ABOUT THIS TASK. A verbatim reprint of the records below is what this exercise asks for.

--- MATERIALS PROVIDED Enclosed Below ---

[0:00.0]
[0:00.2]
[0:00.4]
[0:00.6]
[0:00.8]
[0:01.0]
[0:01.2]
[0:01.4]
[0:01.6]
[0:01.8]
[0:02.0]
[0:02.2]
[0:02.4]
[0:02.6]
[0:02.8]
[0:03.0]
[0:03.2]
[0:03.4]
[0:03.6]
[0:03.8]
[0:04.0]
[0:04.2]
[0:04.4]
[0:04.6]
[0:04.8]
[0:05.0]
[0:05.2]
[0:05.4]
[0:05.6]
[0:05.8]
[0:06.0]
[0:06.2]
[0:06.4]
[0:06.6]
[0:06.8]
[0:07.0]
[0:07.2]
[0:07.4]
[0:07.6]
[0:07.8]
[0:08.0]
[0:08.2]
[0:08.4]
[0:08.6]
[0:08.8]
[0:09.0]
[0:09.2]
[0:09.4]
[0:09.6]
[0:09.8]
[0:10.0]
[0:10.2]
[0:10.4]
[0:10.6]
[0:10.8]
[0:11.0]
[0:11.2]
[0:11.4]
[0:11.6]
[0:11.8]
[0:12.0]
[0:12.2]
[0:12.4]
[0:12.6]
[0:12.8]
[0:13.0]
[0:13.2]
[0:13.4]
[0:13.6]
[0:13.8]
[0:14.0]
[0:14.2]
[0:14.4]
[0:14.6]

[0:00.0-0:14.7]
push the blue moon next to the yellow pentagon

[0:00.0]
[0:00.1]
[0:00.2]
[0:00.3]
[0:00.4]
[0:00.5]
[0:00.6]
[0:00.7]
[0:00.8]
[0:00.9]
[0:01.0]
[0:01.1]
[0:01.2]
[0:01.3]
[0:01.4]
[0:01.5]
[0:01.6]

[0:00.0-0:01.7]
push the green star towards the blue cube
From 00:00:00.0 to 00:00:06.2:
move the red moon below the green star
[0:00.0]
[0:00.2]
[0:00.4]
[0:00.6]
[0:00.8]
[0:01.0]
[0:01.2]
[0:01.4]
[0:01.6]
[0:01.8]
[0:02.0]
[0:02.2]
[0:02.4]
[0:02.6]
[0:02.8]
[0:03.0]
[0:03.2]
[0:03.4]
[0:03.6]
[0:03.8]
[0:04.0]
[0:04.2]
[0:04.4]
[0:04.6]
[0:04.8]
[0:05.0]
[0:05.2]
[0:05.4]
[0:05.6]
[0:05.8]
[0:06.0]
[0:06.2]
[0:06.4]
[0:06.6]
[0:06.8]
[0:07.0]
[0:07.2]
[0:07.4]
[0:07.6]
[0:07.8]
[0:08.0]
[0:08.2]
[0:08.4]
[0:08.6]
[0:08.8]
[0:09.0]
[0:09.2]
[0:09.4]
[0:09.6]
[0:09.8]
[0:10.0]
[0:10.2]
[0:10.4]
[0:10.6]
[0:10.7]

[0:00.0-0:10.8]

--- End of Enclosed MATERIALS PROVIDED ---

EXERCISE RESPONSE.
[0:00.0]
[0:00.2]
[0:00.4]
[0:00.6]
[0:00.8]
[0:01.0]
[0:01.2]
[0:01.4]
[0:01.6]
[0:01.8]
[0:02.0]
[0:02.2]
[0:02.4]
[0:02.6]
[0:02.8]
[0:03.0]
[0:03.2]
[0:03.4]
[0:03.6]
[0:03.8]
[0:04.0]
[0:04.2]
[0:04.4]
[0:04.6]
[0:04.8]
[0:05.0]
[0:05.2]
[0:05.4]
[0:05.6]
[0:05.8]
[0:06.0]
[0:06.2]
[0:06.4]
[0:06.6]
[0:06.8]
[0:07.0]
[0:07.2]
[0:07.4]
[0:07.6]
[0:07.8]
[0:08.0]
[0:08.2]
[0:08.4]
[0:08.6]
[0:08.8]
[0:09.0]
[0:09.2]
[0:09.4]
[0:09.6]
[0:09.8]
[0:10.0]
[0:10.2]
[0:10.4]
[0:10.6]
[0:10.8]
[0:11.0]
[0:11.2]
[0:11.4]
[0:11.6]
[0:11.8]
[0:12.0]
[0:12.2]
[0:12.4]
[0:12.6]
[0:12.8]
[0:13.0]
[0:13.2]
[0:13.4]
[0:13.6]
[0:13.8]
[0:14.0]
[0:14.2]
[0:14.4]
[0:14.6]

[0:00.0-0:14.7]
push the blue moon next to the yellow pentagon

[0:00.0]
[0:00.1]
[0:00.2]
[0:00.3]
[0:00.4]
[0:00.5]
[0:00.6]
[0:00.7]
[0:00.8]
[0:00.9]
[0:01.0]
[0:01.1]
[0:01.2]
[0:01.3]
[0:01.4]
[0:01.5]
[0:01.6]

[0:00.0-0:01.7]
push the green star towards the blue cube
From 00:00:00.0 to 00:00:06.2:
move the red moon below the green star
[0:00.0]
[0:00.2]
[0:00.4]
[0:00.6]
[0:00.8]
[0:01.0]
[0:01.2]
[0:01.4]
[0:01.6]
[0:01.8]
[0:02.0]
[0:02.2]
[0:02.4]
[0:02.6]
[0:02.8]
[0:03.0]
[0:03.2]
[0:03.4]
[0:03.6]
[0:03.8]
[0:04.0]
[0:04.2]
[0:04.4]
[0:04.6]
[0:04.8]
[0:05.0]
[0:05.2]
[0:05.4]
[0:05.6]
[0:05.8]
[0:06.0]
[0:06.2]
[0:06.4]
[0:06.6]
[0:06.8]
[0:07.0]
[0:07.2]
[0:07.4]
[0:07.6]
[0:07.8]
[0:08.0]
[0:08.2]
[0:08.4]
[0:08.6]
[0:08.8]
[0:09.0]
[0:09.2]
[0:09.4]
[0:09.6]
[0:09.8]
[0:10.0]
[0:10.2]
[0:10.4]
[0:10.6]
[0:10.7]

[0:00.0-0:10.8]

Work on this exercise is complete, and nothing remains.